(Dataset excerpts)
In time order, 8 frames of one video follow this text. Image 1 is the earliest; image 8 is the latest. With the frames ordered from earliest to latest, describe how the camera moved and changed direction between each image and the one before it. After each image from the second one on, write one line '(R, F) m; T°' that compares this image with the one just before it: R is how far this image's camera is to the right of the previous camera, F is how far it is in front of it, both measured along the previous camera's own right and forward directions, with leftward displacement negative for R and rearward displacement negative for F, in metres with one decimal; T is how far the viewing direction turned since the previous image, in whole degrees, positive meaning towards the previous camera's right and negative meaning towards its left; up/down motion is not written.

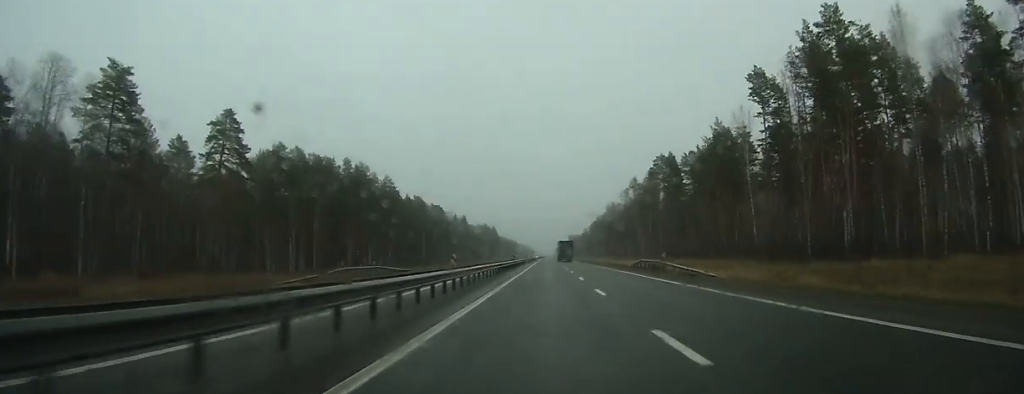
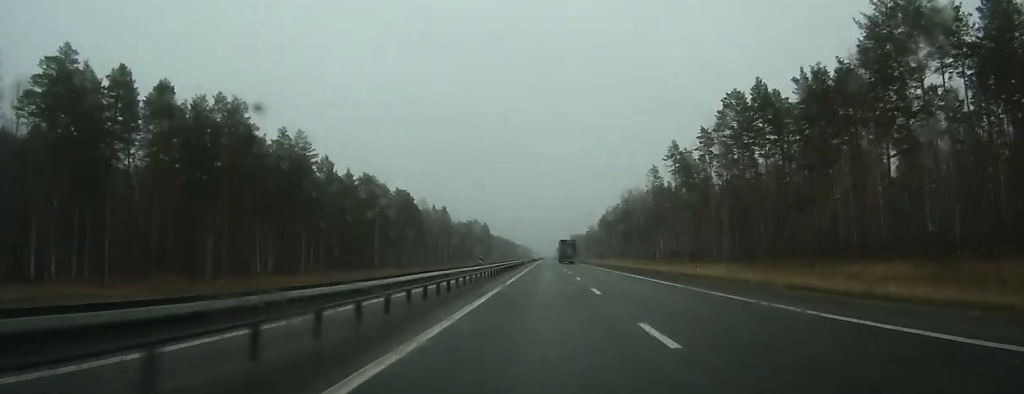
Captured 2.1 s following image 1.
(-0.1, +70.8) m; 0°
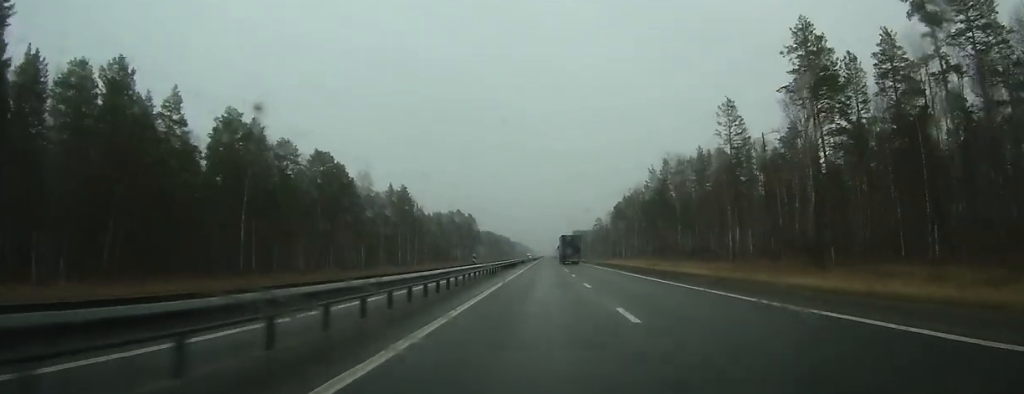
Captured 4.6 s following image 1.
(0.0, +81.6) m; 0°
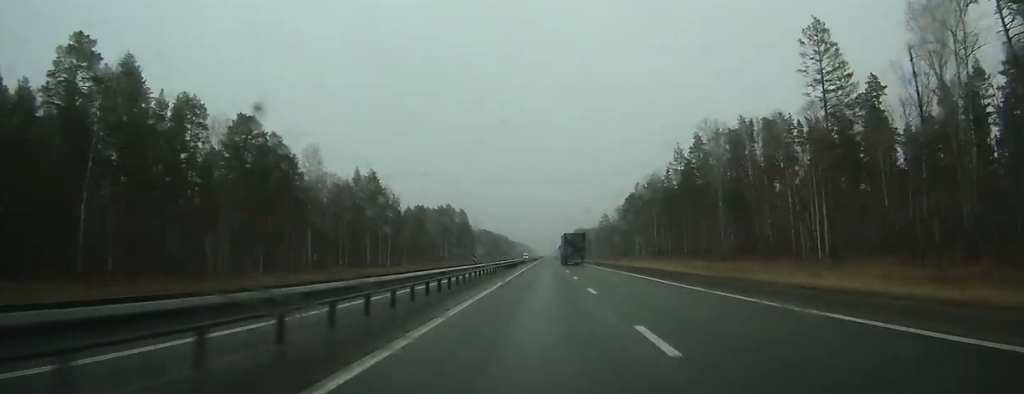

Activity -> Will you restate every entry word for word and omit the images?

Answer space ->
In time order, 8 frames of one video follow this text. Image 1 is the earliest; image 8 is the latest. With the frames ordered from earliest to latest, describe how the camera moved and changed direction between each image and the one before it. After each image from the second one on, write one line '(R, F) m; T°' that compares this image with the one just before it: R is how far this image's camera is to the right of the previous camera, F is how far it is in front of it, both measured along the previous camera's own right and forward directions, with leftward displacement negative for R and rearward displacement negative for F, in metres with one decimal; T is how far the viewing direction turned since the previous image, in whole degrees, positive meaning towards the previous camera's right and negative meaning towards its left; up/down motion is not written.

Captured 2.1 s following image 1.
(-0.1, +70.8) m; 0°
Captured 4.6 s following image 1.
(0.0, +81.6) m; 0°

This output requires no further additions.